MATERIAL FOR THE TASK Start Marker

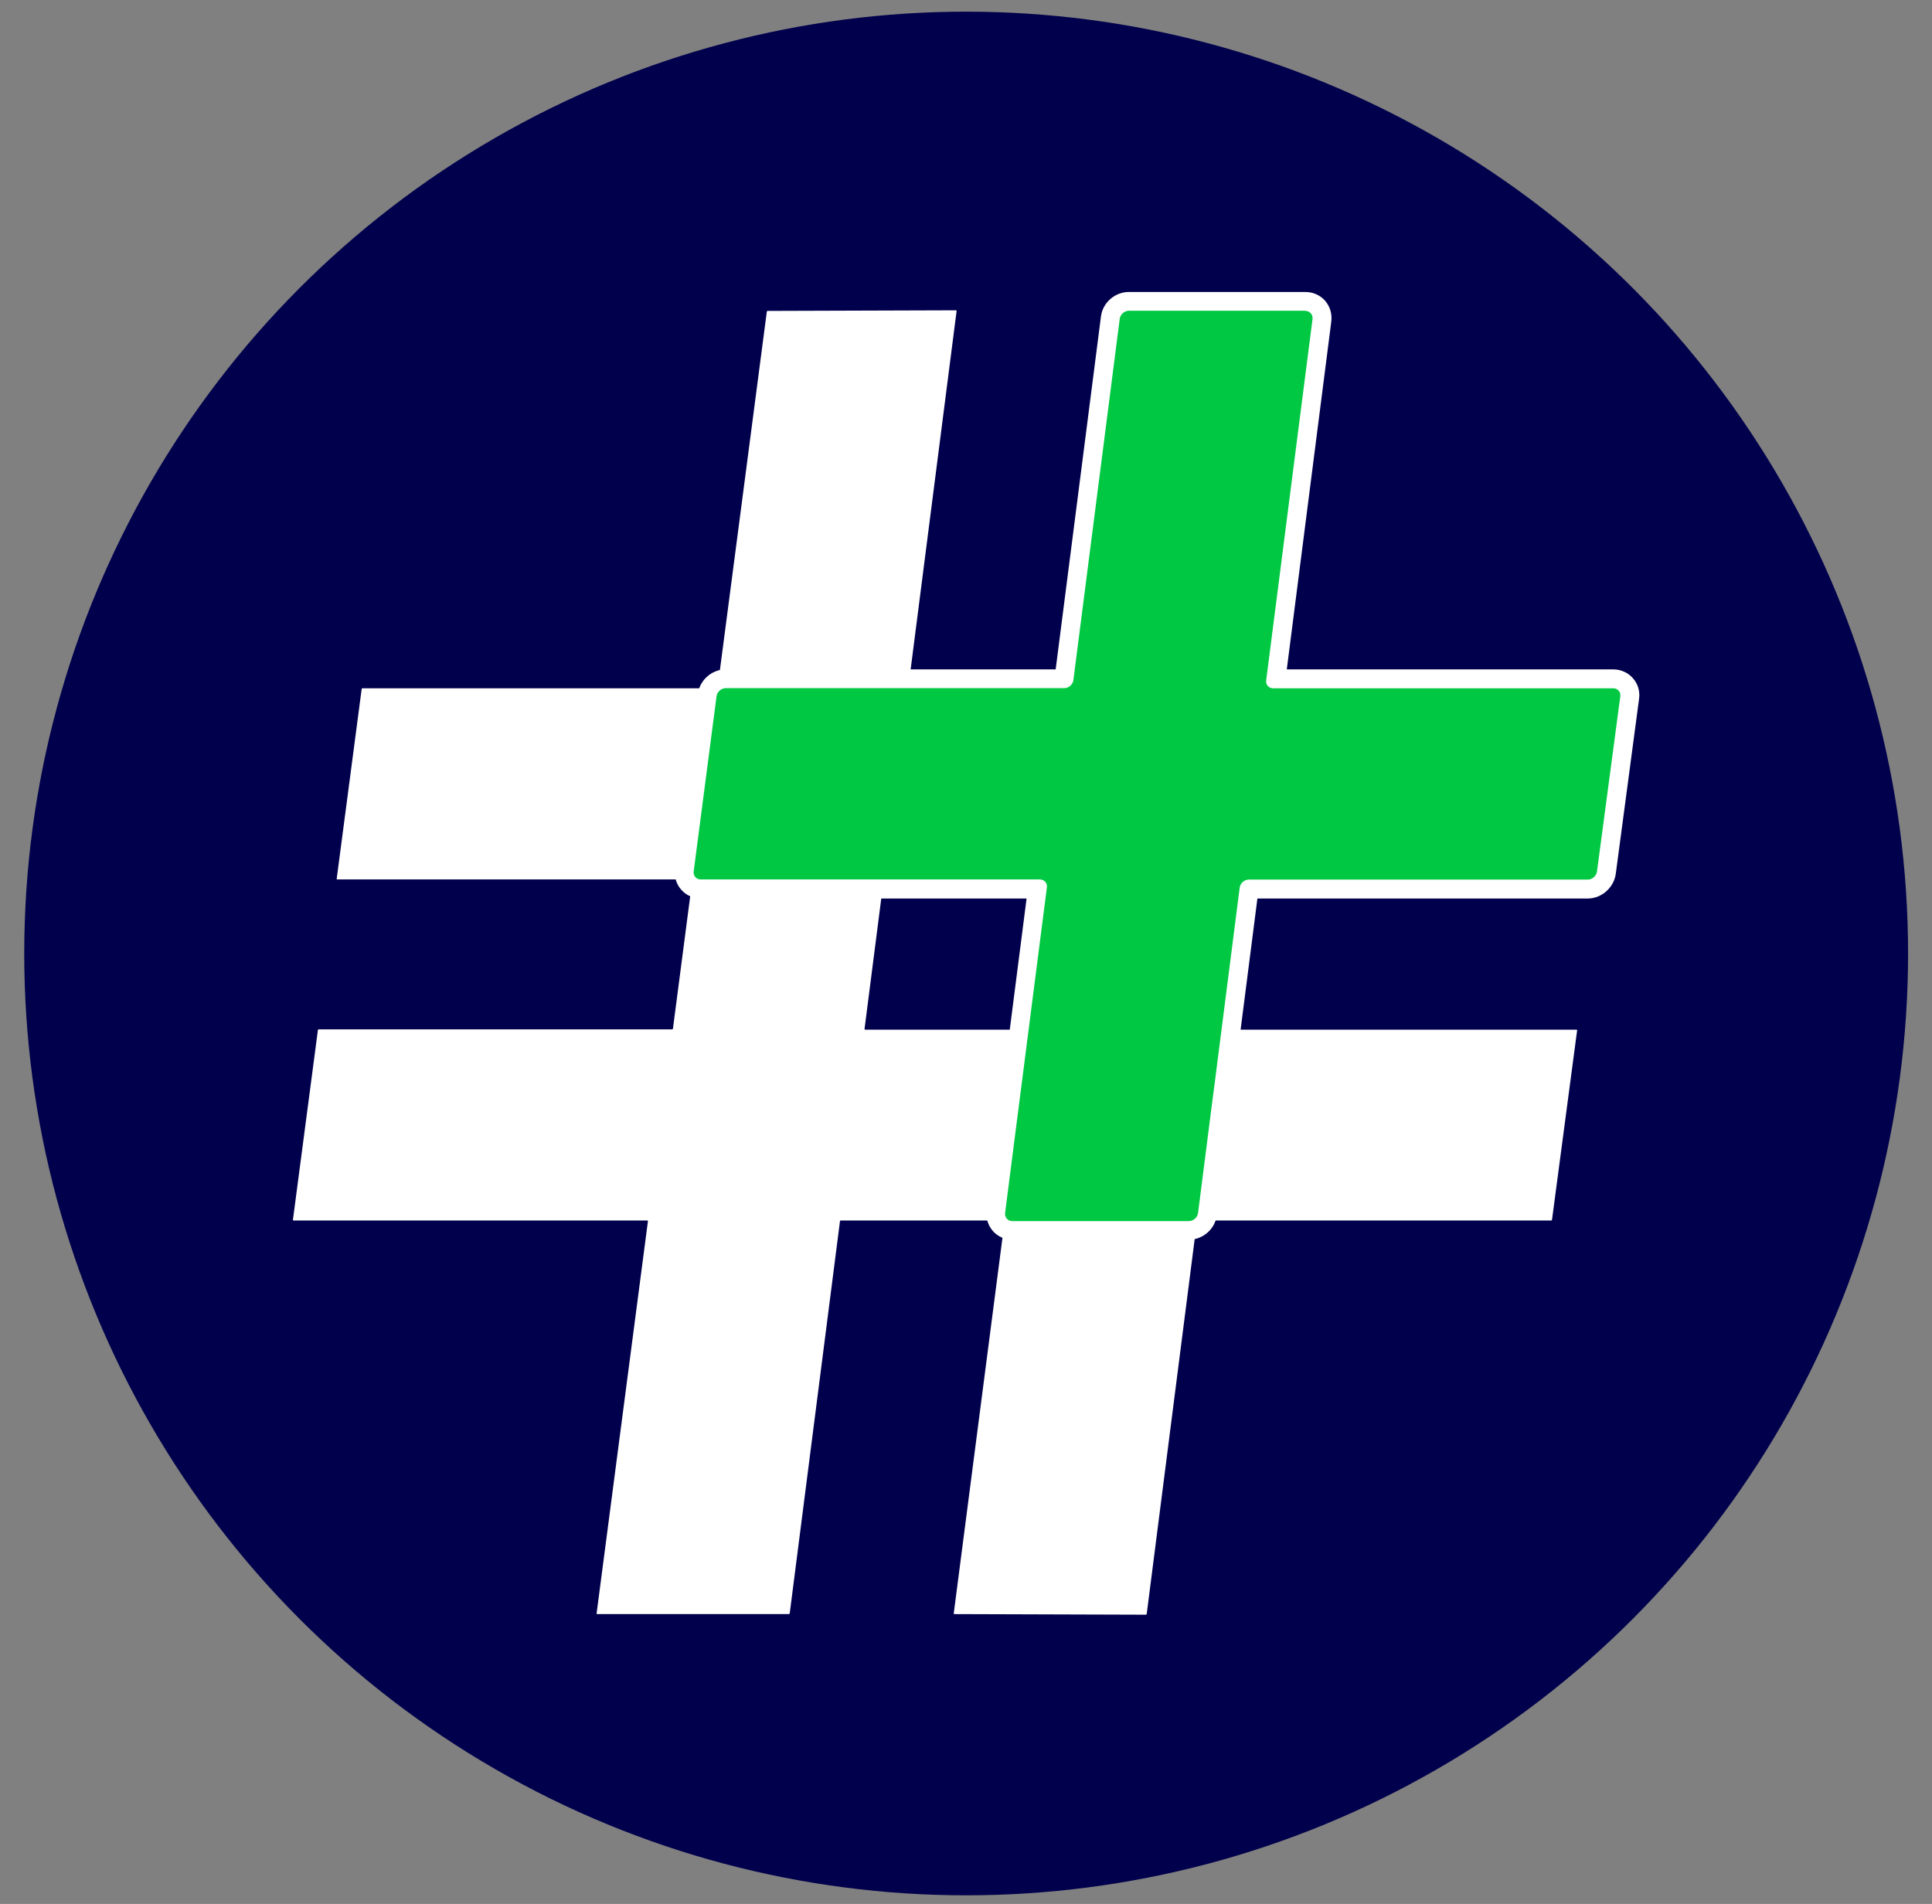 <?xml version="1.0" encoding="utf-8"?>
<!-- Generator: Adobe Illustrator 24.1.1, SVG Export Plug-In . SVG Version: 6.00 Build 0)  -->
<svg version="1.1" id="Calque_1" xmlns="http://www.w3.org/2000/svg" xmlns:xlink="http://www.w3.org/1999/xlink" x="0px" y="0px"
	 viewBox="0 0 1275.6 1257.2" style="enable-background:new 0 0 1275.6 1257.2;" xml:space="preserve">
<rect x="0" y="0" width="1275.6" height="1257.2" fill="#808080" stroke="none"/>
<style type="text/css">
	.st0{fill:#01004C;}
	.st1{fill:#132642;}
	.st2{fill:#1D1D1B;}
	.st3{fill:#FFFFFF;}
	.st4{fill:#A11543;}
	.st5{fill:#F08C1F;}
	.st6{fill:#E3231F;}
	.st7{fill:none;stroke:#7E1717;stroke-width:4;stroke-linecap:round;stroke-linejoin:round;stroke-miterlimit:10;}
	.st8{fill:#43B9C2;}
	.st9{fill:#FFFFFF;stroke:#1D1D1B;stroke-width:3;stroke-miterlimit:10;}
	.st10{fill:#FFFFFF;stroke:#1D1D1B;stroke-width:3;stroke-linecap:round;stroke-linejoin:round;stroke-miterlimit:10;}
	.st11{fill:none;stroke:#1D1D1B;stroke-miterlimit:10;}
	.st12{fill:#FFE690;}
	.st13{fill:#80B927;}
	.st14{fill:#EAEFF8;}
	.st15{fill:#E39470;}
	.st16{fill:#DB835F;}
	.st17{fill:#EFA37A;}
	.st18{fill:#FBC54F;}
	.st19{fill:#F7B738;}
	.st20{fill:#E3E3E3;}
	.st21{fill:#1C3865;}
	.st22{fill:#359381;}
	.st23{fill:#6EBB8B;}
	.st24{fill:#6ABC9E;}
	.st25{opacity:0.33;fill:#1D1D1B;}
	.st26{fill:#E85646;}
	.st27{fill:#2B2D6C;}
	.st28{fill:none;stroke:#FFFFFF;stroke-width:4;stroke-linecap:round;stroke-miterlimit:10;}
	.st29{fill:none;stroke:#1D1D1B;stroke-width:3;stroke-linecap:round;stroke-miterlimit:10;}
	.st30{fill:none;stroke:#1D1D1B;stroke-width:3;stroke-linecap:round;stroke-linejoin:round;stroke-miterlimit:10;}
	.st31{fill:none;stroke:#1D1D1B;stroke-width:4;stroke-linecap:round;stroke-miterlimit:10;}
	.st32{fill:none;stroke:#1D1D1B;stroke-width:4;stroke-linecap:round;stroke-linejoin:round;stroke-miterlimit:10;}
	.st33{fill:none;stroke:#1D1D1B;stroke-width:2;stroke-linecap:round;stroke-miterlimit:10;}
	.st34{fill:none;stroke:#1D1D1B;stroke-width:2;stroke-linecap:round;stroke-linejoin:round;stroke-miterlimit:10;}
	.st35{fill:#1D1D1B;stroke:#000000;stroke-width:0.5;stroke-miterlimit:10;}
	.st36{fill:none;stroke:#000000;stroke-width:2;stroke-linecap:round;stroke-linejoin:round;stroke-miterlimit:10;}
	.st37{fill:none;stroke:#1D1D1B;stroke-width:2;stroke-miterlimit:10;}
	.st38{fill:none;stroke:#1D1D1B;stroke-width:3;stroke-miterlimit:10;}
	.st39{stroke:#1D1D1B;stroke-width:0.5;stroke-miterlimit:10;}
	.st40{fill:#E85254;}
	.st41{fill:#E63F40;}
	.st42{fill:#38BDEE;}
	.st43{fill:#2DAAE1;}
	.st44{fill:#ACC3E5;}
	.st45{fill:#D44033;}
	.st46{fill:none;stroke:#1D1D1B;stroke-width:1.5;stroke-miterlimit:10;}
	.st47{fill:none;}
	.st48{fill:#828282;}
	.st49{fill:#6E6E6E;}
	.st50{fill:#DADADA;}
	.st51{fill:#4EAC33;}
	.st52{fill:#9BC21A;}
	.st53{fill:#FFFFFF;stroke:#6EB43C;stroke-width:3;stroke-miterlimit:10;}
	.st54{fill:#FFFFFF;stroke:#6EB43C;stroke-width:3;stroke-linecap:round;stroke-linejoin:round;stroke-miterlimit:10;}
	.st55{fill:#FFFFFF;stroke:#1D1D1B;stroke-width:4;stroke-linecap:round;stroke-linejoin:round;stroke-miterlimit:10;}
	.st56{fill:#FFFFFF;stroke:#E5401E;stroke-width:4;stroke-linecap:round;stroke-linejoin:round;stroke-miterlimit:10;}
	.st57{fill:#66B12E;}
	.st58{fill:#0E8B38;}
	.st59{fill:#5EB25B;}
	.st60{fill:#D6D7D7;}
	.st61{fill:#A6A6A5;}
	.st62{fill:#4CAD50;}
	.st63{fill:#3560A9;}
	.st64{fill:none;stroke:#E5E037;stroke-miterlimit:10;}
	.st65{fill:#333333;}
	.st66{fill:#B82C18;}
	.st67{fill:#51BCCC;}
	.st68{fill:#7DB728;}
	.st69{fill:#8FBEE7;}
	.st70{fill:#46B9BE;}
	.st71{fill:none;stroke:#E95C71;stroke-miterlimit:10;}
	.st72{fill:#038A38;}
	.st73{fill:#FFDF74;}
	.st74{fill:#4EAD4F;}
	.st75{fill:#5CAF30;}
	.st76{stroke:#FFFFFF;stroke-width:6;stroke-miterlimit:10;}
	.st77{fill:#4CAD50;stroke:#4EAD4F;stroke-width:5;stroke-miterlimit:10;}
	.st78{fill:#FFFFFF;stroke:#FFFFFF;stroke-width:3;stroke-miterlimit:10;}
	.st79{fill:#60B890;}
	.st80{fill:#4A4C73;}
	.st81{fill:#2B2D44;}
	.st82{fill:#05386B;}
	.st83{fill:#389482;}
	.st84{fill:#5CD493;}
	.st85{fill:#8CE3AE;}
	.st86{fill:#ECF4DF;}
	.st87{fill:#E17D5F;}
	.st88{fill:#84CCC9;}
	.st89{fill:#E7AA7C;}
	.st90{fill:#D87693;}
	.st91{fill:#4082A1;}
	.st92{fill:#0B0C10;}
	.st93{fill:#202833;}
	.st94{fill:#C4C4C7;}
	.st95{fill:#66FBF0;}
	.st96{fill:#46A19E;}
	.st97{fill:#D69822;}
	.st98{fill:#EEE0B9;}
	.st99{fill:#EC3817;}
	.st100{fill:#4056A0;}
	.st101{fill:#C4CAEA;}
	.st102{fill:none;stroke:#0B0C10;stroke-width:4;stroke-miterlimit:10;}
	.st103{fill:#FFFFFF;stroke:#0B0C10;stroke-width:4;stroke-linecap:round;stroke-linejoin:round;stroke-miterlimit:10;}
	.st104{fill:#00B570;}
	.st105{fill:#005167;}
	.st106{fill:#006E92;}
	.st107{fill:#1D1D35;}
	.st108{fill:#C35097;}
	.st109{opacity:0.53;fill:#C35097;}
	.st110{fill:#52DD96;}
	.st111{fill:#394A6D;}
	.st112{fill:#50D78F;}
	.st113{fill:#4F97C9;}
	.st114{fill:#42E5A3;}
	.st115{fill:#018282;}
	.st116{fill:#A5EC8D;}
	.st117{fill:#1B3C59;}
	.st118{fill:#02C299;}
	.st119{fill:#003459;}
	.st120{fill:#FBE289;}
	.st121{fill:#00B48E;}
	.st122{fill:#05C24C;}
	.st123{fill:#2F4858;}
	.st124{fill:#009487;}
	.st125{fill:#007B88;}
	.st126{fill:#2A4775;}
	.st127{fill:none;stroke:#FFFFFF;stroke-width:2;stroke-miterlimit:10;}
	.st128{fill:none;stroke:#05C24C;stroke-width:2;stroke-miterlimit:10;}
	.st129{fill:#FFFFFF;stroke:#132642;stroke-width:4;stroke-miterlimit:10;}
	.st130{fill:#292C88;}
	.st131{fill:#00D87D;}
	.st132{fill:#0456FF;}
	.st133{fill:#00F102;}
	.st134{fill:#FA8FDB;}
	.st135{fill:#00EAD1;}
	.st136{fill:#885DDD;}
	.st137{fill:#00107B;}
	.st138{fill:#9EED01;}
	.st139{fill:#061688;}
	.st140{fill:#00D223;}
	.st141{fill:#00C843;}
	.st142{fill:none;stroke:#00C843;stroke-linecap:round;stroke-miterlimit:10;}
	.st143{fill:none;stroke:#01004C;stroke-linecap:round;stroke-miterlimit:10;}
</style>
<circle class="st0" cx="637.9" cy="629.6" r="621.9"/>
<g>
	<g>
		<path class="st3" d="M1041.3,680.3c0-0.2-0.1-0.4-0.4-0.4H571.2c-0.2,0-0.4-0.2-0.4-0.4l60.8-474.2c0-0.2-0.1-0.4-0.4-0.4
			l-124.4,0.4c-0.2,0-0.4,0.2-0.5,0.4l-32.5,248.4c0,0.2-0.2,0.4-0.5,0.4h-234c-0.2,0-0.5,0.2-0.5,0.4l-16.5,125.4
			c0,0.2,0.1,0.4,0.4,0.4h234c0.2,0,0.4,0.2,0.4,0.4l-12.8,98.2c0,0.2-0.2,0.4-0.5,0.4H210.4c-0.2,0-0.5,0.2-0.5,0.4l-16.5,125.4
			c0,0.2,0.1,0.4,0.4,0.4h233.6c0.2,0,0.4,0.2,0.4,0.4l-33.9,259.1c0,0.2,0.1,0.4,0.4,0.4h126.6c0.2,0,0.4-0.2,0.5-0.4l33.2-259.1
			c0-0.2,0.2-0.4,0.5-0.4h107.8c0.2,0,0.4,0.2,0.4,0.4l-33.6,259.1c0,0.2,0.1,0.4,0.4,0.4l126.5,0.4c0.2,0,0.4-0.2,0.5-0.4
			l33.2-259.5c0-0.2,0.2-0.4,0.5-0.4h233.4c0.2,0,0.5-0.2,0.5-0.4L1041.3,680.3z"/>
	</g>
	<g>
		<path class="st141" d="M668.3,812.4c-3.2,0-6.2-1.3-8.3-3.7c-2.1-2.3-3-5.5-2.6-8.7l27.3-213H462.7c-3.2,0-6.2-1.3-8.3-3.7
			s-3-5.5-2.6-8.7L466.9,459c0.8-6,6.2-10.7,12.2-10.7h223.5l30.4-238.4c0.8-6,6.1-10.8,12.2-10.8h116.7c3.2,0,6.2,1.3,8.3,3.7
			c2.1,2.3,3,5.5,2.6,8.7l-30.4,236.8h222.7c3.2,0,6.2,1.3,8.3,3.7c2.1,2.3,3,5.5,2.6,8.7l-15.4,115.7c-0.8,6-6.2,10.7-12.3,10.7
			H824.5l-17.8,140.3l-9.5,74.3c-0.8,6-6.2,10.8-12.2,10.8H668.3z"/>
		<path class="st3" d="M861.9,205.3c2.9,0,5,2.4,4.7,5.3L836,449.2c-0.4,2.9,1.7,5.3,4.7,5.3h224.5c2.9,0,5,2.4,4.6,5.3l-15.4,115.7
			c-0.4,2.9-3.1,5.3-6,5.3H824.5c-2.9,0-5.6,2.4-6,5.3l-16.6,129.9c-0.4,2.9-1,7.7-1.4,10.6l-9.5,74.4c-0.4,2.9-3.1,5.3-6,5.3H668.3
			c-2.9,0-5-2.4-4.7-5.3L691.2,586c0.4-2.9-1.7-5.3-4.7-5.3h-90.4c-2.9,0-7.7,0-10.7,0h-67.3c-2.9,0-7.7,0-10.7,0h-44.8
			c-2.9,0-5-2.4-4.6-5.3l15.1-115.7c0.4-2.9,3.1-5.3,6-5.3h103.9c2.9,0,7.7,0,10.7,0h14.1c2.9,0,7.7,0,10.7,0h84.2
			c2.9,0,5.6-2.4,6-5.3l30.6-238.6c0.4-2.9,3.1-5.3,6-5.3H861.9 M861.9,192.8H745.3c-9.2,0-17.3,7.1-18.4,16.2L697,442h-78.5h-10.7
			h-14.1h-10.7H479.2c-9.2,0-17.3,7.1-18.4,16.2l-15.1,115.7c-0.7,5,0.8,9.9,4.1,13.6c3.2,3.7,8,5.8,13,5.8h44.8h10.7h67.3h10.7
			h81.5l-26.4,205.9c-0.6,5,0.9,9.9,4.1,13.6s8,5.8,13,5.8H785c9.2,0,17.3-7.1,18.4-16.2l9.5-74.3l1.4-10.6l15.9-124.2h218.1
			c9.1,0,17.2-7.1,18.5-16.2l15.4-115.7c0.7-5-0.8-9.9-4.1-13.6c-3.2-3.7-8-5.8-13-5.8H849.6L879,212.2c0.6-5-0.9-9.9-4.1-13.6
			C871.7,194.9,866.9,192.8,861.9,192.8L861.9,192.8z"/>
	</g>
</g>
</svg>

MATERIAL FOR THE TASK End Marker

Scan the data above line by line. Please say how many lines hold the word "linejoin", and give only that number.

> EXERCISE SOLUTION
10